• _Instructions for the task_
Could you transcribe every record below exactly, leaving out the pictures?

Records from a data source

+--

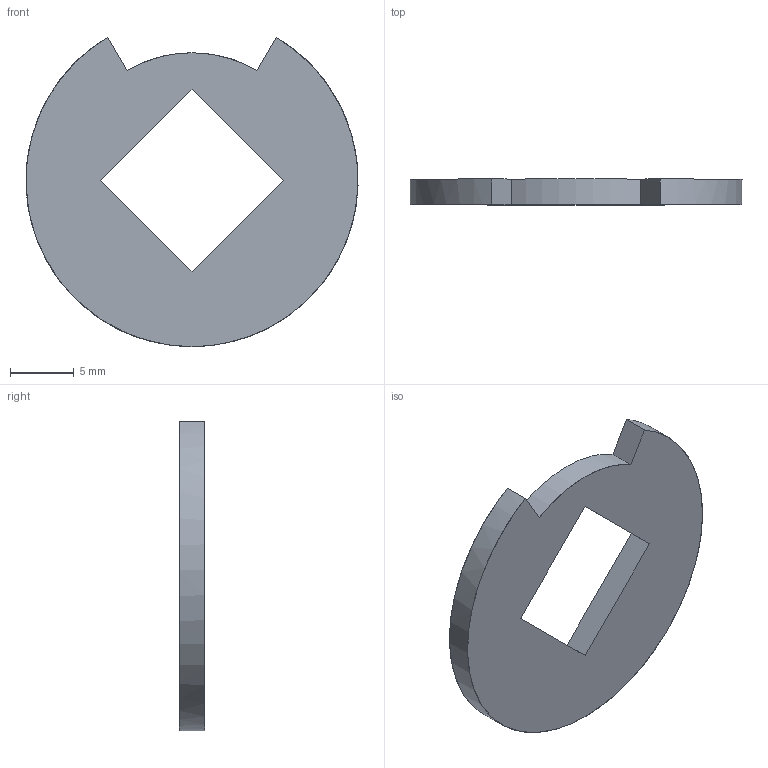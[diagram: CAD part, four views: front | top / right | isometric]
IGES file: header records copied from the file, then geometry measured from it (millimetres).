
Start section: JAMA-IS VERSION  1.0
Global section: file name: unknown; native system: SolidMX; preprocessor: V1.20; author: unknown; organization: unknown; date: 061008.144907; units: millimetre
Bounding box: 25.99 x 2 x 24.2 mm (x, y, z)
Surface area: 1034.3 mm2 (no closed solid volume)
Topology: 0 solids, 0 shells, 11 faces, 86 edges, 86 vertices
Faces by surface type: bspline 11

+--

• _Answer section_
[diagram: CAD part, four views: front | top / right | isometric]
IGES file: header records copied from the file, then geometry measured from it (millimetres).
Start section: JAMA-IS VERSION  1.0
Global section: file name: unknown; native system: SolidMX; preprocessor: V1.20; author: unknown; organization: unknown; date: 061008.144907; units: millimetre
Bounding box: 25.99 x 2 x 24.2 mm (x, y, z)
Surface area: 1034.3 mm2 (no closed solid volume)
Topology: 0 solids, 0 shells, 11 faces, 86 edges, 86 vertices
Faces by surface type: bspline 11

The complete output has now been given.